Install OmniParser and Dependencies
- Follow the installation steps mentioned above within the Windows 11 virtual machine.
Configure OmniTool
- Refer to the OmniTool documentation for configuration steps.
- Set up the connection between OmniParser and the LLM.
Test OmniTool
- Run test scripts to evaluate OmniTool’s performance.
- Monitor agentic actions and adjust configurations as needed.

Usage and Examples

After installing OmniParser V2, you can use it to parse UI screenshots and extract structured information.

Steps:

Open the demo.ipynb Notebook:
- Navigate to the OmniParser directory.
- Open the demo.ipynb file using Jupyter Notebook.
Run the Examples:
- Follow instructions in the notebook to load a UI screenshot and parse it.
- Examine the output to understand how OmniParser structures the UI elements.

Troubleshooting

Dependency Issues: Ensure all packages from requirements.txt are installed correctly.
Model Checkpoint Errors: Verify that the files are downloaded and placed in the weights directory with the correct naming.
Gradio Demo Problems: Ensure all dependencies are installed and that there are no conflicting processes using the same port.

Advanced Configuration

For advanced users, OmniParser V2 offers several configuration options:

Custom Model Weights: Train and integrate your own model weights.
Adjusting Parameters: Modify settings in train_args.yaml.
Integrating with Custom LLMs: Connect OmniParser with various LLMs per your requirements.
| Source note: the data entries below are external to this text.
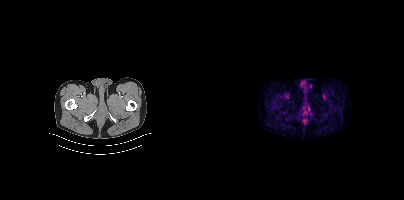
Left: CT. Right: PSMA PET, same axial level, 18F-PSMA tracer. Slice position z = -1640 mm. This slice has no annotated PSMA-avid lesion.
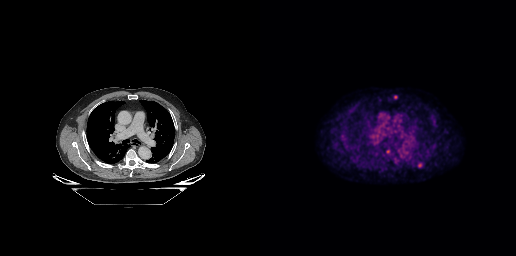
Findings: Coordinates are on the 256×256 PET (right) panel. (showing 2 of 3 foci) Small PSMA-avid foci (2 to 4 px across) near (center x, center y): (135, 96); (127, 151).
Technique: Paired axial CT (left) and PSMA PET (right), [18F]PSMA-1007 tracer. slice position z = -283 mm. PET panel 256×256 px (2.7 mm/px).
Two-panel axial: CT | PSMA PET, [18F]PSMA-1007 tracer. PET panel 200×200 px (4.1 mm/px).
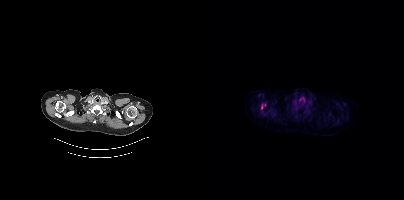
Coordinates are on the 200×200 PET (right) panel. (showing 1 of 2 foci) Small PSMA-avid focus (2 to 4 px across) near (center x, center y): (57, 106).
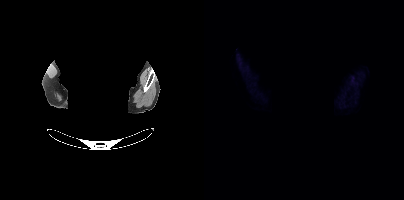
Technique: Paired axial CT (left) and PSMA PET (right), 18F tracer. slice position z = -311 mm. PET panel 200×200 px (4.1 mm/px).
Note: The face region was removed for patient privacy by blanking a rectangle over the head.
Findings: No tumor lesions annotated on this slice.
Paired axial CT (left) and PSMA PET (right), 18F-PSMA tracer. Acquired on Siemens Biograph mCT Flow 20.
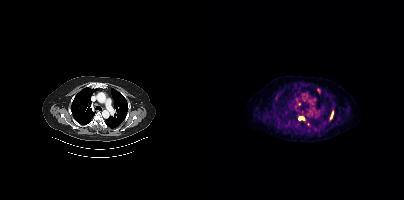
Coordinates are on the 200×200 PET (right) panel. PSMA-avid tumor lesion bounding boxes (partial; 1 more focus not listed):
| # | x0 | y0 | x1 | y1 |
|---|---|---|---|---|
| 1 | 95 | 117 | 100 | 119 |
| 2 | 126 | 112 | 129 | 118 |
| 3 | 113 | 88 | 116 | 92 |
Small PSMA-avid focus (2 to 4 px across) near (center x, center y): (95, 104).
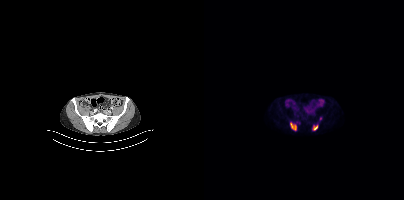
Technique: Left: CT. Right: PSMA PET, same axial level, [18F]PSMA-1007 tracer. acquired on Siemens Biograph mCT Flow 20. slice 96 of 377. PET panel 200×200 px (4.1 mm/px).
Findings: Coordinates are on the 200×200 PET (right) panel. PSMA-avid tumor lesion bounding boxes (x, y, width, height): x=86 y=122 w=7 h=8; x=109 y=125 w=5 h=6.
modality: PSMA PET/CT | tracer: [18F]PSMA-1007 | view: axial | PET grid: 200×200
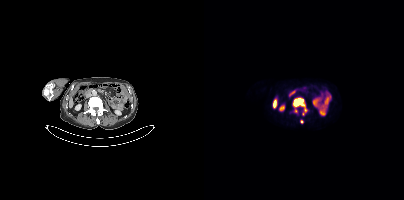
Coordinates are on the 200×200 PET (right) panel. PSMA-avid tumor lesion bounding box (x, y, width, height): x=88 y=98 w=16 h=18. Small PSMA-avid focus (2 to 4 px across) near (center x, center y): (97, 121).
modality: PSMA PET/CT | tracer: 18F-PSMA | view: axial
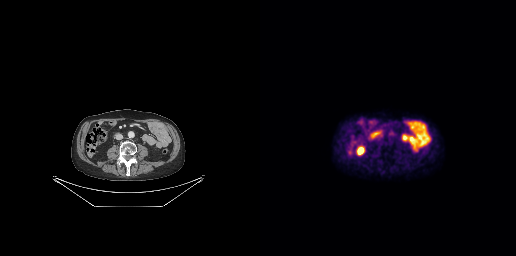
No tumor lesions annotated on this slice.
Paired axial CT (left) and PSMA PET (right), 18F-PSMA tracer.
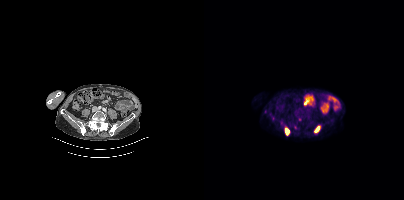
Coordinates are on the 200×200 PET (right) panel. (showing 2 of 5 foci) PSMA-avid tumor lesion bounding boxes (x0, y0)-(x1, y1): (110, 125)-(116, 133) | (81, 127)-(85, 135).
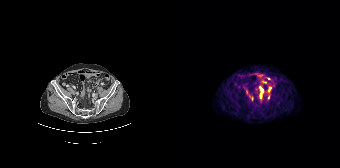
{"pet_grid":[168,168],"coord_frame":"pet_panel","coord_format":"x0,y0,x1,y1","partial":true,"lesion_bboxes":[[96,86,99,91],[88,93,89,97]],"small_foci_centers":[[89,89],[74,91],[96,78]],"modality":"PSMA PET/CT","view":"axial","tracer":"68Ga-PSMA"}
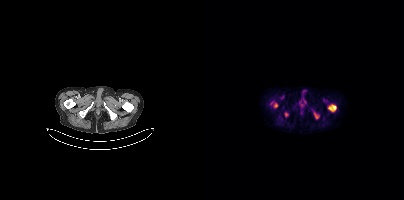
{"modality":"PSMA PET/CT","view":"axial","tracer":"[18F]PSMA-1007","pet_grid":[200,200],"coord_frame":"pet_panel","coord_format":"x0,y0,x1,y1","lesion_bboxes":[[124,104,132,111],[70,103,73,107],[110,114,113,118]],"small_foci_centers":[[82,114],[67,102]]}
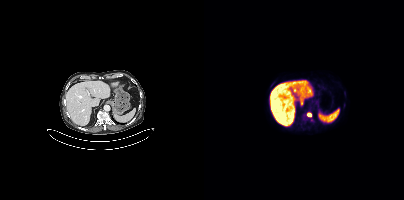
{"modality":"PSMA PET/CT","view":"axial","tracer":"18F","pet_grid":[200,200],"coord_frame":"pet_panel","coord_format":"x0,y0,x1,y1","lesion_bboxes":[[99,113,107,116]],"small_foci_centers":[[107,119],[67,85]]}
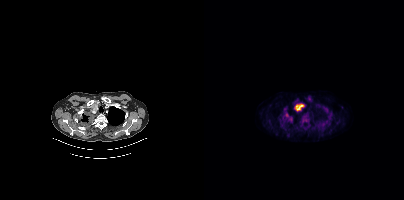
Technique: Two-panel axial: CT | PSMA PET, [18F]PSMA-1007 tracer. acquired on Siemens Biograph mCT Flow 20. slice 354 of 452.
Findings: Coordinates are on the 200×200 PET (right) panel. (showing 3 of 4 foci) PSMA-avid tumor lesion bounding boxes (x, y, width, height): x=79 y=108 w=10 h=14 | x=91 y=104 w=9 h=7 | x=98 y=114 w=6 h=6.
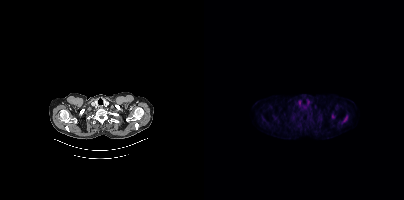
Coordinates are on the 200×200 PET (right) panel. PSMA-avid tumor lesion bounding boxes (x0,y0,x1,y1): [137,114,144,123]; [127,114,131,118].
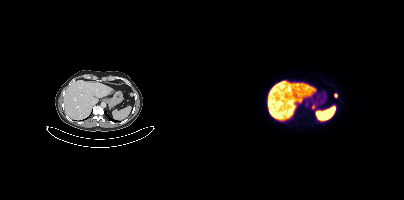
Findings: Coordinates are on the 200×200 PET (right) panel. Small PSMA-avid foci (2 to 4 px across) near (center x, center y): (131, 95); (109, 106).
Technique: Two-panel axial: CT | PSMA PET, 18F tracer. acquired on Siemens Biograph mCT Flow 20.
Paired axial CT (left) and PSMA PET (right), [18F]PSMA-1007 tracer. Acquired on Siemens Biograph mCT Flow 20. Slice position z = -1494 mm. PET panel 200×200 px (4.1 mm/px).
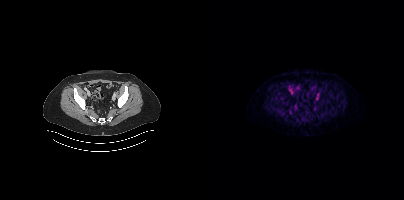
This slice has no annotated PSMA-avid lesion.
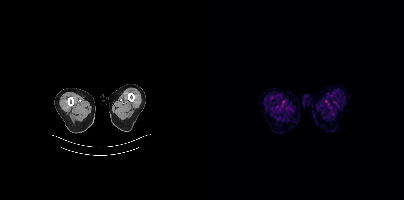
Findings: No PSMA-avid tumor lesions on this slice.
- Left: CT. Right: PSMA PET, same axial level, [18F]PSMA-1007 tracer
- slice position z = -1552 mm
- PET panel 200×200 px (4.1 mm/px)
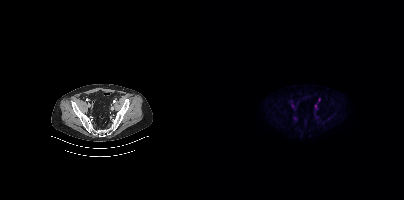
- Two-panel axial: CT | PSMA PET, [18F]PSMA-1007 tracer
Findings: Only PSMA-avid lesion pieces thinner than 2 px on this slice (not listed).
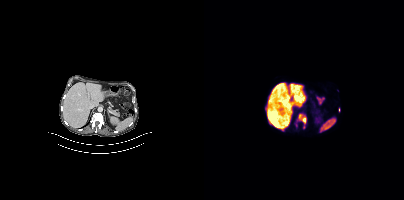
Coordinates are on the 200×200 PET (right) panel. (showing 1 of 3 foci) PSMA-avid tumor lesion bounding box (x, y, width, height): x=95 y=114 w=8 h=10.
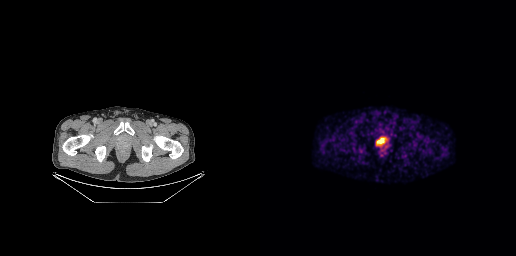
Left: CT. Right: PSMA PET, same axial level, [18F]PSMA-1007 tracer. PET panel 256×256 px (2.7 mm/px).
Coordinates are on the 256×256 PET (right) panel. PSMA-avid tumor lesion bounding boxes:
| # | x0 | y0 | x1 | y1 |
|---|---|---|---|---|
| 1 | 118 | 138 | 125 | 145 |
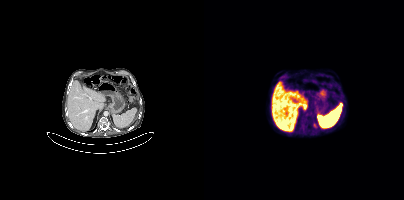
Paired axial CT (left) and PSMA PET (right), 18F tracer. Acquired on Siemens Biograph mCT Flow 20. Slice 234 of 425.
Coordinates are on the 200×200 PET (right) panel. PSMA-avid tumor lesion bounding boxes:
| # | x0 | y0 | x1 | y1 |
|---|---|---|---|---|
| 1 | 109 | 123 | 113 | 128 |
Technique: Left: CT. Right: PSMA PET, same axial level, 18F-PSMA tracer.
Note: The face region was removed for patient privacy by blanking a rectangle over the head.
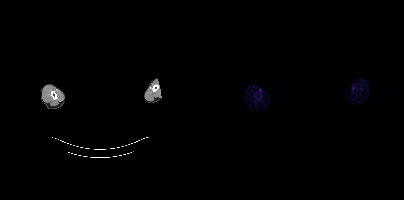
Findings: No PSMA-avid tumor lesions on this slice.
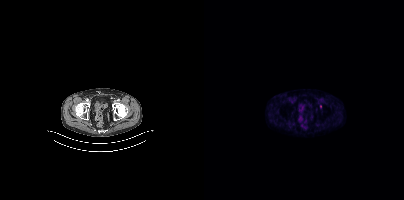
Coordinates are on the 200×200 PET (right) panel. Small PSMA-avid focus (2 to 4 px across) near (center x, center y): (116, 106).
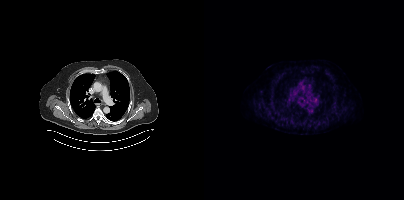
Only PSMA-avid lesion pieces thinner than 2 px on this slice (not listed). Paired axial CT (left) and PSMA PET (right), [18F]PSMA-1007 tracer. Acquired on Siemens Biograph mCT Flow 20. Slice position z = -247 mm.
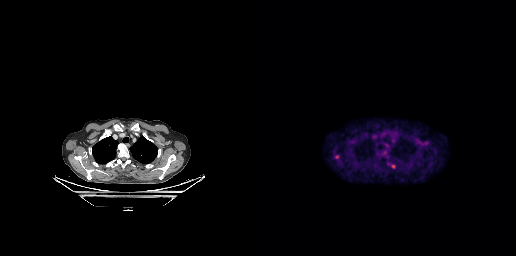
Negative for PSMA-avid disease on this slice.
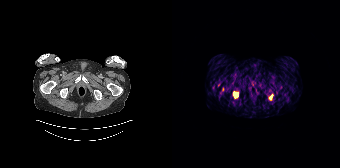
Coordinates are on the 168×168 PET (right) panel. PSMA-avid tumor lesion bounding boxes (x0,y0,x1,y1): [61,91,66,97]; [97,94,100,99]; [50,87,52,91].
modality: PSMA PET/CT | tracer: [68Ga]Ga-PSMA-11 | view: axial
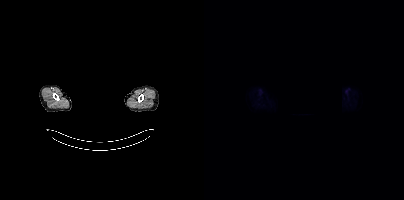
{"modality":"PSMA PET/CT","view":"axial","tracer":"18F","pet_grid":[200,200],"coord_frame":"pet_panel","coord_format":"x0,y0,x1,y1","deidentification":"privacy mask over head","psma_avid_lesions":false}
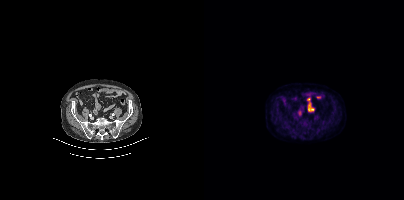
Paired axial CT (left) and PSMA PET (right), 18F-PSMA tracer. Acquired on Siemens Biograph mCT Flow 20. PET panel 200×200 px (4.1 mm/px). This slice has no annotated PSMA-avid lesion.
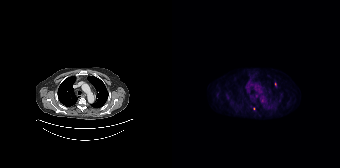
Two-panel axial: CT | PSMA PET, [18F]PSMA-1007 tracer. Acquired on Siemens Biograph 64-4R TruePoint. PET panel 168×168 px (4.1 mm/px). Coordinates are on the 168×168 PET (right) panel. Small PSMA-avid focus (2 to 4 px across) near (center x, center y): (103, 84).
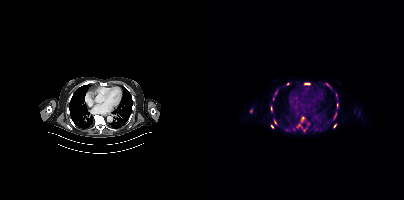
Left: CT. Right: PSMA PET, same axial level, 18F tracer. Acquired on Siemens Biograph mCT Flow 20. Slice 240 of 401. Coordinates are on the 200×200 PET (right) panel. (showing 12 of 15 foci) PSMA-avid tumor lesion bounding boxes (x, y, width, height): x=100 y=83 w=7 h=2; x=130 y=113 w=3 h=6; x=133 y=103 w=2 h=5. Small PSMA-avid foci (2 to 4 px across) near (center x, center y): (47, 110); (68, 126); (94, 126); (67, 108); (131, 125); (112, 129); (71, 123); (83, 83); (98, 117).
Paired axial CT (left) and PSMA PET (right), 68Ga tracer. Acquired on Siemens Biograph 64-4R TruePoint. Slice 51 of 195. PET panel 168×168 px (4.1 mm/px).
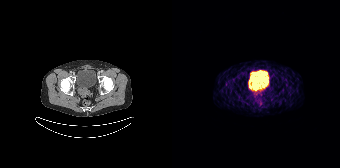
This slice has no annotated PSMA-avid lesion.
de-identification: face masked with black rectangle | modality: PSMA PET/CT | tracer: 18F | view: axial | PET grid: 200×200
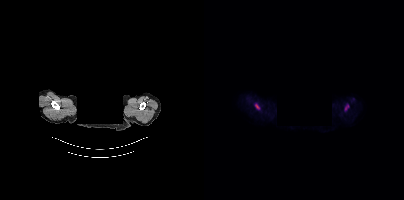
Coordinates are on the 200×200 PET (right) panel. PSMA-avid tumor lesion bounding boxes (x0,y0,x1,y1): [51,103,55,109], [141,105,144,109].
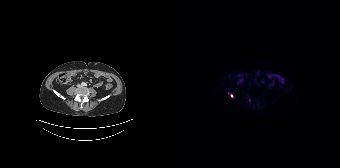
Coordinates are on the 168×168 PET (right) panel. (showing 2 of 3 foci) Small PSMA-avid foci (2 to 4 px across) near (center x, center y): (59, 95); (77, 100). Two-panel axial: CT | PSMA PET, 18F-PSMA tracer. Acquired on Siemens Biograph 64-4R TruePoint.

Use Cases for OmniParser V2

OmniParser V2 has various applications, including:

Automated Testing: Automating GUI application testing.
Robotic Process Automation (RPA): Automating repetitive GUI interactions.
Accessibility Enhancements: Providing structured information for users with disabilities.
Virtual Assistants: Enabling AI-driven virtual assistants to interact with UI elements.

Conclusion

Microsoft OmniParser V2 is a cutting-edge tool for parsing UI screenshots and extracting structured information, enabling the development of autonomous GUI agents. Following this guide will help you successfully install and run OmniParser V2 on Ubuntu. Its integration with OmniTool and compatibility with multiple LLMs make it a powerful asset for GUI automation and AI-driven applications.